Behind the scenes on ICSA election night

Last Thursday night, December 14, saw the presidential election of the Irish Cattle and Sheep Farmers’ Association (ICSA) unfold to reveal the leader of the organisation for the next two years.

Patrick Kent, who has already served as president of the organisation over the past four years, took a narrow victory over his election rival, rural development chairman Seamus Sherlock, with a vote of 52 votes to 49, from 101 valid delegate votes.

AgriLand was there to soak up the atmosphere, gauge the general mood of delegates and listen to their concerns.

One of the major talking points on the night was the run-up to the election, with some ICSA members vocal in their criticism of the tactics used by one candidate to gather support.

This was done, members claimed, through enlisting family members and friends to vote in delegates sympathetic to their cause in various counties. As a result, there was a clear tension at the meeting, with a nervous atmosphere in the meeting room.

Also Read: ‘Boo-hoo-hoo; that’s politics for you’

On the night, both candidates gave presentations highlighting their achievements, priorities and promises.

Sherlock was first up to speak. He assured members that he would be a “team player” if elected.

The words I speak will be your words; the views I express will be your views; and the concerns I raise will be your views and concerns.

Seamus Sherlock

Next up, Kent highlighted the importance of building strong links for effective agricultural lobbying. He emphasised that he had already built up many strong connections over the past four years.

In addition, the president underlined the change in media and communications in recent years, noting the importance of being “as well briefed as possible” on all aspects of current affairs and agricultural/scientific developments.

Every ICSA member is equally important to me. The reality is that all our interests are totally intertwined; we need one another to survive.

Patrick Kent

Following the presentations, the candidates engaged in a questions and answers session.

Questions from the floor reflected pressing concerns for members, including: how to respond to anti-farmer lobbying; thoughts on capping EU CAP payments; helping hill sheep farmers; views on tillage; family law; and addressing the disconnect between the customers and farmers.ICSA

Moving forward

Speaking following his victory, Kent outlined his plans for the next two years.

The re-elected president stressed the need for recognition of the carbon sequestration carried out by farmers.

He said a key objective will be “getting money back in farmers’ pockets and getting our food promoted as what it is – pure, high-density, quality, health-giving food”.

He said: “We need to have greater engagement with the urban population and non-farming population and work with them. People will be healthier if they eat the prime products that we produce here, rather than imported junk food.

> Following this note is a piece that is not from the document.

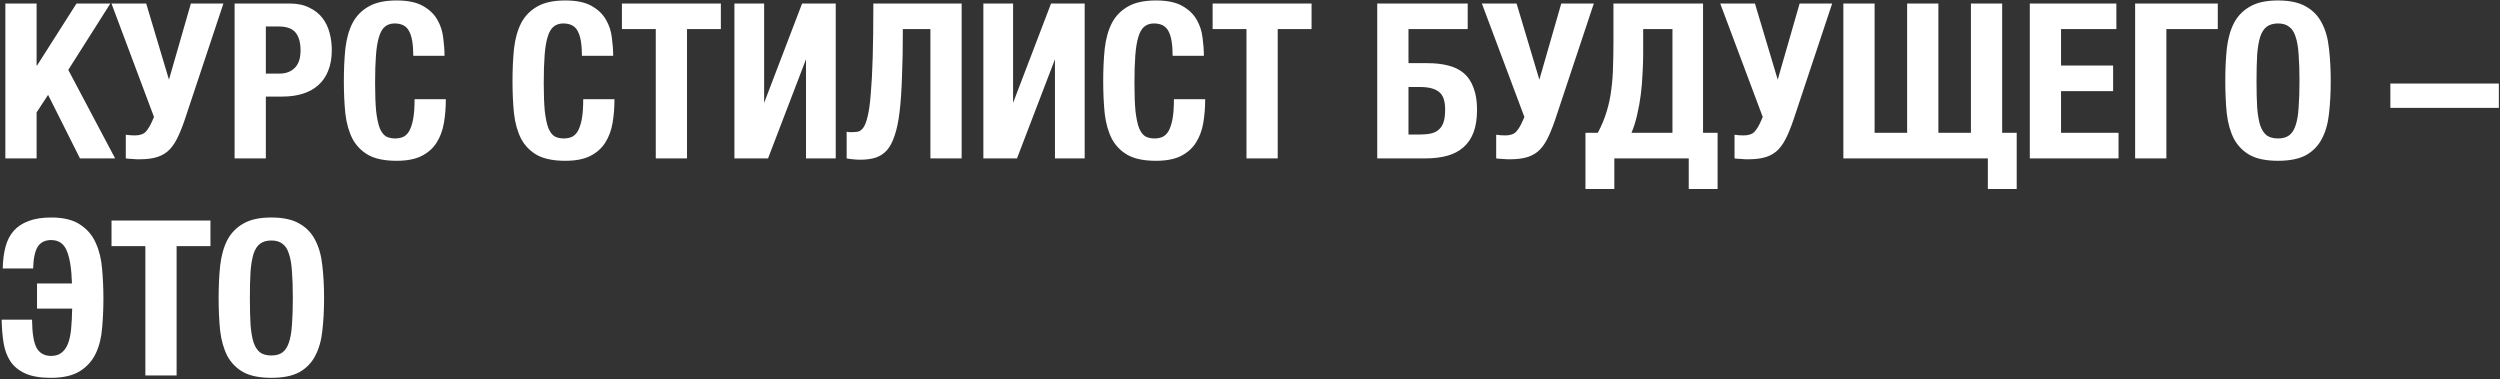 <?xml version="1.0" encoding="UTF-8"?> <svg xmlns="http://www.w3.org/2000/svg" width="910" height="138" viewBox="0 0 910 138" fill="none"><rect x="0" y="0" width="910" height="138" fill="#333333" stroke="none"/><path d="M1.949 1.274H13.321V23.86H13.479L27.852 1.274H40.172L24.851 25.439L41.909 57.66H29.115L17.506 34.521L13.321 40.918V57.66H1.949V1.274ZM50.92 57.976C50.447 57.976 50.052 57.976 49.736 57.976C49.42 57.976 49.078 57.95 48.709 57.897C48.393 57.897 47.998 57.871 47.525 57.818C47.103 57.818 46.524 57.766 45.787 57.66V49.052C46.893 49.21 47.998 49.289 49.104 49.289C50.947 49.289 52.289 48.815 53.132 47.867C53.974 46.92 54.764 45.577 55.501 43.84L56.054 42.576L40.575 1.274H53.211L61.503 28.993L69.479 1.274H81.325L67.821 41.866C66.873 44.814 65.925 47.315 64.978 49.368C64.083 51.369 63.03 53.027 61.819 54.343C60.608 55.607 59.134 56.528 57.396 57.107C55.659 57.687 53.5 57.976 50.92 57.976ZM85.394 1.274H105.296C108.191 1.274 110.613 1.774 112.561 2.774C114.562 3.722 116.168 4.985 117.379 6.565C118.589 8.144 119.458 9.961 119.985 12.014C120.511 14.014 120.774 16.068 120.774 18.174C120.774 21.122 120.327 23.675 119.432 25.834C118.589 27.94 117.379 29.677 115.799 31.046C114.272 32.415 112.403 33.442 110.192 34.126C107.981 34.811 105.533 35.153 102.848 35.153H96.767V57.66H85.394V1.274ZM101.821 26.782C104.085 26.782 105.901 26.097 107.27 24.729C108.691 23.36 109.402 21.227 109.402 18.332C109.402 15.489 108.797 13.33 107.586 11.856C106.375 10.382 104.348 9.645 101.505 9.645H96.767V26.782H101.821ZM144.352 58.529C140.088 58.529 136.692 57.844 134.165 56.476C131.637 55.054 129.689 53.08 128.321 50.553C127.004 47.973 126.136 44.919 125.714 41.392C125.346 37.812 125.162 33.837 125.162 29.467C125.162 25.202 125.346 21.28 125.714 17.7C126.136 14.067 127.004 10.961 128.321 8.381C129.689 5.801 131.637 3.801 134.165 2.379C136.692 0.905 140.088 0.168 144.352 0.168C148.406 0.168 151.591 0.826 153.908 2.142C156.277 3.458 158.041 5.143 159.199 7.197C160.357 9.197 161.068 11.382 161.331 13.751C161.647 16.068 161.805 18.253 161.805 20.306H150.433C150.433 16.199 149.933 13.225 148.932 11.382C147.985 9.487 146.221 8.539 143.641 8.539C142.22 8.539 141.035 8.934 140.088 9.724C139.192 10.461 138.482 11.698 137.955 13.435C137.429 15.12 137.06 17.358 136.85 20.148C136.639 22.886 136.534 26.255 136.534 30.257C136.534 34.521 136.665 37.97 136.929 40.602C137.244 43.234 137.692 45.288 138.271 46.762C138.903 48.183 139.666 49.157 140.561 49.684C141.509 50.158 142.588 50.395 143.799 50.395C144.8 50.395 145.721 50.237 146.563 49.921C147.458 49.552 148.222 48.868 148.853 47.867C149.485 46.815 149.985 45.367 150.354 43.524C150.723 41.629 150.907 39.154 150.907 36.101H162.279C162.279 39.207 162.042 42.129 161.568 44.867C161.094 47.552 160.199 49.921 158.883 51.974C157.619 53.975 155.803 55.581 153.434 56.791C151.117 57.95 148.09 58.529 144.352 58.529ZM205.741 58.529C201.477 58.529 198.081 57.844 195.554 56.476C193.026 55.054 191.078 53.08 189.71 50.553C188.393 47.973 187.525 44.919 187.103 41.392C186.735 37.812 186.551 33.837 186.551 29.467C186.551 25.202 186.735 21.28 187.103 17.7C187.525 14.067 188.393 10.961 189.71 8.381C191.078 5.801 193.026 3.801 195.554 2.379C198.081 0.905 201.477 0.168 205.741 0.168C209.795 0.168 212.98 0.826 215.297 2.142C217.666 3.458 219.43 5.143 220.588 7.197C221.746 9.197 222.457 11.382 222.72 13.751C223.036 16.068 223.194 18.253 223.194 20.306H211.822C211.822 16.199 211.322 13.225 210.321 11.382C209.374 9.487 207.61 8.539 205.03 8.539C203.609 8.539 202.424 8.934 201.477 9.724C200.582 10.461 199.871 11.698 199.344 13.435C198.818 15.12 198.449 17.358 198.239 20.148C198.028 22.886 197.923 26.255 197.923 30.257C197.923 34.521 198.054 37.97 198.318 40.602C198.634 43.234 199.081 45.288 199.66 46.762C200.292 48.183 201.055 49.157 201.95 49.684C202.898 50.158 203.977 50.395 205.188 50.395C206.189 50.395 207.11 50.237 207.952 49.921C208.847 49.552 209.611 48.868 210.243 47.867C210.874 46.815 211.374 45.367 211.743 43.524C212.112 41.629 212.296 39.154 212.296 36.101H223.668C223.668 39.207 223.431 42.129 222.957 44.867C222.483 47.552 221.588 49.921 220.272 51.974C219.008 53.975 217.192 55.581 214.823 56.791C212.506 57.95 209.479 58.529 205.741 58.529ZM238.7 10.592H226.38V1.274H262.392V10.592H250.072V57.66H238.7V10.592ZM267.325 1.274H278.144V37.443L291.965 1.274H304.205V57.66H293.386V21.57L279.566 57.66H267.325V1.274ZM313.081 58.134C312.343 58.134 311.448 58.081 310.395 57.976C309.395 57.871 308.658 57.766 308.184 57.66V47.947C308.447 47.999 308.737 48.052 309.053 48.104C309.421 48.104 309.658 48.104 309.764 48.104C310.659 48.104 311.475 48.052 312.212 47.947C313.002 47.789 313.686 47.288 314.265 46.446C314.897 45.551 315.423 44.156 315.845 42.261C316.318 40.365 316.687 37.68 316.95 34.205C317.266 30.73 317.503 26.334 317.661 21.017C317.819 15.647 317.898 9.066 317.898 1.274H350.04V57.66H338.668V10.592H328.638C328.638 17.226 328.533 23.017 328.322 27.966C328.164 32.915 327.875 37.154 327.454 40.681C327.032 44.209 326.427 47.104 325.637 49.368C324.9 51.632 323.952 53.422 322.794 54.738C321.636 56.002 320.241 56.897 318.609 57.423C317.029 57.897 315.186 58.134 313.081 58.134ZM357.943 1.274H368.763V37.443L382.583 1.274H394.824V57.66H384.004V21.57L370.184 57.66H357.943V1.274ZM420.757 58.529C416.492 58.529 413.097 57.844 410.569 56.476C408.042 55.054 406.094 53.08 404.725 50.553C403.409 47.973 402.54 44.919 402.119 41.392C401.751 37.812 401.566 33.837 401.566 29.467C401.566 25.202 401.751 21.28 402.119 17.7C402.54 14.067 403.409 10.961 404.725 8.381C406.094 5.801 408.042 3.801 410.569 2.379C413.097 0.905 416.492 0.168 420.757 0.168C424.811 0.168 427.996 0.826 430.313 2.142C432.682 3.458 434.445 5.143 435.604 7.197C436.762 9.197 437.473 11.382 437.736 13.751C438.052 16.068 438.21 18.253 438.21 20.306H426.838C426.838 16.199 426.338 13.225 425.337 11.382C424.39 9.487 422.626 8.539 420.046 8.539C418.625 8.539 417.44 8.934 416.492 9.724C415.597 10.461 414.887 11.698 414.36 13.435C413.834 15.12 413.465 17.358 413.254 20.148C413.044 22.886 412.939 26.255 412.939 30.257C412.939 34.521 413.07 37.97 413.333 40.602C413.649 43.234 414.097 45.288 414.676 46.762C415.308 48.183 416.071 49.157 416.966 49.684C417.914 50.158 418.993 50.395 420.204 50.395C421.204 50.395 422.126 50.237 422.968 49.921C423.863 49.552 424.627 48.868 425.258 47.867C425.89 46.815 426.39 45.367 426.759 43.524C427.127 41.629 427.312 39.154 427.312 36.101H438.684C438.684 39.207 438.447 42.129 437.973 44.867C437.499 47.552 436.604 49.921 435.288 51.974C434.024 53.975 432.208 55.581 429.839 56.791C427.522 57.95 424.495 58.529 420.757 58.529ZM453.716 10.592H441.396V1.274H477.408V10.592H465.088V57.66H453.716V10.592ZM501.313 1.274H534.244V10.592H512.685V22.991H519.635C522.478 22.991 525.005 23.281 527.216 23.86C529.48 24.439 531.375 25.387 532.902 26.703C534.429 28.019 535.587 29.783 536.377 31.994C537.219 34.153 537.64 36.811 537.64 39.97C537.64 43.182 537.219 45.919 536.377 48.183C535.534 50.395 534.297 52.211 532.665 53.633C531.033 55.054 529.059 56.081 526.742 56.712C524.426 57.344 521.767 57.66 518.766 57.66H501.313V1.274ZM516.713 48.973C518.345 48.973 519.74 48.842 520.898 48.578C522.056 48.315 523.004 47.841 523.741 47.157C524.531 46.472 525.11 45.551 525.479 44.393C525.847 43.234 526.031 41.734 526.031 39.891C526.031 36.68 525.268 34.521 523.741 33.416C522.267 32.257 520.029 31.678 517.028 31.678H512.685V48.973H516.713ZM549.745 57.976C549.271 57.976 548.876 57.976 548.56 57.976C548.244 57.976 547.902 57.95 547.534 57.897C547.218 57.897 546.823 57.871 546.349 57.818C545.928 57.818 545.349 57.766 544.612 57.66V49.052C545.717 49.21 546.823 49.289 547.928 49.289C549.771 49.289 551.114 48.815 551.956 47.867C552.798 46.92 553.588 45.577 554.325 43.84L554.878 42.576L539.399 1.274H552.035L560.327 28.993L568.303 1.274H580.149L566.645 41.866C565.697 44.814 564.75 47.315 563.802 49.368C562.907 51.369 561.854 53.027 560.643 54.343C559.432 55.607 557.958 56.528 556.221 57.107C554.483 57.687 552.325 57.976 549.745 57.976ZM577.108 48.341H581.61C583.031 45.656 584.11 43.05 584.848 40.523C585.637 37.943 586.19 35.311 586.506 32.626C586.875 29.941 587.085 27.177 587.138 24.334C587.243 21.438 587.296 18.332 587.296 15.015V1.274H619.911V48.341H625.203V68.795H614.699V57.66H587.612V68.795H577.108V48.341ZM608.776 48.341V10.592H598.115V19.753C598.115 21.964 598.036 24.334 597.878 26.861C597.773 29.388 597.562 31.915 597.246 34.442C596.93 36.969 596.483 39.444 595.904 41.866C595.377 44.235 594.693 46.393 593.85 48.341H608.776ZM636.507 57.976C636.033 57.976 635.638 57.976 635.322 57.976C635.006 57.976 634.664 57.95 634.296 57.897C633.98 57.897 633.585 57.871 633.111 57.818C632.69 57.818 632.111 57.766 631.374 57.66V49.052C632.479 49.21 633.585 49.289 634.69 49.289C636.533 49.289 637.876 48.815 638.718 47.867C639.56 46.92 640.35 45.577 641.087 43.84L641.64 42.576L626.161 1.274H638.797L647.089 28.993L655.065 1.274H666.911L653.407 41.866C652.459 44.814 651.512 47.315 650.564 49.368C649.669 51.369 648.616 53.027 647.405 54.343C646.194 55.607 644.72 56.528 642.983 57.107C641.245 57.687 639.087 57.976 636.507 57.976ZM723.577 57.66H670.981V1.274H682.353V48.341H694.199V1.274H705.571V48.341H717.417V1.274H728.789V48.341H734.08V68.795H723.577V57.66ZM738.848 1.274H770.358V10.592H750.22V23.86H769.174V33.179H750.22V48.341H771.148V57.66H738.848V1.274ZM777.185 1.274H807.274V10.592H788.557V57.66H777.185V1.274ZM829.194 58.529C824.93 58.529 821.534 57.844 819.007 56.476C816.48 55.054 814.532 53.08 813.163 50.553C811.847 47.973 810.978 44.919 810.557 41.392C810.188 37.812 810.004 33.837 810.004 29.467C810.004 25.202 810.188 21.28 810.557 17.7C810.978 14.067 811.847 10.961 813.163 8.381C814.532 5.801 816.48 3.801 819.007 2.379C821.534 0.905 824.93 0.168 829.194 0.168C833.459 0.168 836.855 0.905 839.382 2.379C841.909 3.801 843.831 5.801 845.147 8.381C846.516 10.961 847.384 14.067 847.753 17.7C848.174 21.28 848.385 25.202 848.385 29.467C848.385 33.837 848.174 37.812 847.753 41.392C847.384 44.919 846.516 47.973 845.147 50.553C843.831 53.08 841.909 55.054 839.382 56.476C836.855 57.844 833.459 58.529 829.194 58.529ZM829.194 50.395C830.879 50.395 832.222 50.026 833.222 49.289C834.275 48.499 835.065 47.288 835.591 45.656C836.17 43.971 836.539 41.813 836.697 39.181C836.907 36.495 837.013 33.258 837.013 29.467C837.013 25.676 836.907 22.465 836.697 19.832C836.539 17.2 836.17 15.041 835.591 13.356C835.065 11.672 834.275 10.461 833.222 9.724C832.222 8.934 830.879 8.539 829.194 8.539C827.51 8.539 826.141 8.934 825.088 9.724C824.087 10.461 823.298 11.672 822.719 13.356C822.192 15.041 821.824 17.2 821.613 19.832C821.455 22.465 821.376 25.676 821.376 29.467C821.376 33.258 821.455 36.495 821.613 39.181C821.824 41.813 822.192 43.971 822.719 45.656C823.298 47.288 824.087 48.499 825.088 49.289C826.141 50.026 827.51 50.395 829.194 50.395ZM870.094 30.415H909.581V39.26H870.094V30.415ZM18.454 137.529C14.663 137.529 11.583 137.002 9.214 135.949C6.898 134.896 5.108 133.449 3.844 131.606C2.58 129.711 1.738 127.473 1.317 124.893C0.896 122.313 0.659 119.47 0.606 116.364H11.662C11.715 121.26 12.268 124.683 13.321 126.631C14.426 128.579 16.19 129.553 18.612 129.553C20.139 129.553 21.376 129.184 22.324 128.447C23.324 127.71 24.114 126.631 24.693 125.209C25.272 123.788 25.667 121.998 25.877 119.839C26.088 117.68 26.22 115.18 26.272 112.337H13.479V103.176H26.193C26.035 97.805 25.404 93.831 24.298 91.251C23.245 88.671 21.35 87.381 18.612 87.381C16.401 87.381 14.769 88.197 13.716 89.829C12.715 91.461 12.162 94.094 12.057 97.727H1.001C1.054 94.726 1.396 92.067 2.028 89.75C2.659 87.434 3.66 85.512 5.029 83.985C6.45 82.406 8.266 81.221 10.478 80.431C12.689 79.589 15.4 79.168 18.612 79.168C23.14 79.168 26.667 80.037 29.194 81.774C31.774 83.459 33.669 85.696 34.88 88.487C36.144 91.277 36.907 94.436 37.17 97.963C37.486 101.491 37.644 105.071 37.644 108.704C37.644 112.337 37.486 115.89 37.17 119.365C36.907 122.84 36.144 125.92 34.88 128.605C33.617 131.29 31.695 133.449 29.115 135.081C26.535 136.713 22.982 137.529 18.454 137.529ZM52.913 89.592H40.593V80.274H76.605V89.592H64.285V136.66H52.913V89.592ZM98.773 137.529C94.508 137.529 91.113 136.844 88.585 135.476C86.058 134.054 84.11 132.08 82.742 129.553C81.425 126.973 80.557 123.919 80.135 120.392C79.767 116.812 79.583 112.837 79.583 108.467C79.583 104.202 79.767 100.28 80.135 96.7C80.557 93.067 81.425 89.961 82.742 87.381C84.11 84.801 86.058 82.801 88.585 81.379C91.113 79.905 94.508 79.168 98.773 79.168C103.038 79.168 106.433 79.905 108.96 81.379C111.488 82.801 113.409 84.801 114.726 87.381C116.094 89.961 116.963 93.067 117.332 96.7C117.753 100.28 117.963 104.202 117.963 108.467C117.963 112.837 117.753 116.812 117.332 120.392C116.963 123.919 116.094 126.973 114.726 129.553C113.409 132.08 111.488 134.054 108.96 135.476C106.433 136.844 103.038 137.529 98.773 137.529ZM98.773 129.395C100.458 129.395 101.8 129.026 102.801 128.289C103.854 127.499 104.643 126.288 105.17 124.656C105.749 122.972 106.117 120.813 106.275 118.181C106.486 115.495 106.591 112.258 106.591 108.467C106.591 104.676 106.486 101.465 106.275 98.832C106.117 96.2 105.749 94.041 105.17 92.356C104.643 90.672 103.854 89.461 102.801 88.724C101.8 87.934 100.458 87.539 98.773 87.539C97.088 87.539 95.719 87.934 94.666 88.724C93.666 89.461 92.876 90.672 92.297 92.356C91.771 94.041 91.402 96.2 91.192 98.832C91.034 101.465 90.955 104.676 90.955 108.467C90.955 112.258 91.034 115.495 91.192 118.181C91.402 120.813 91.771 122.972 92.297 124.656C92.876 126.288 93.666 127.499 94.666 128.289C95.719 129.026 97.088 129.395 98.773 129.395Z" fill="white"></path></svg>

I think as an organisation, it’s fantastic to see an election in the association; it’s a sign that the organisation is dynamic – there’s jostling for positions – it’s healthy.

“Fair dues to Seamus and three cheers for him, and the supporters too. I want them to back me now and we’ll drive on forward now and tackle the issues that really count.

“We’ve got to get 20% of production away from the very large meat conglomerates and we’ve got to get into niche marketing.

“We need to get the GM-free status of Ireland recognised. We have to declare it and change the situation in regard to importing GM ingredients into the country. For zero cost we could get a massive increase in value,” he said.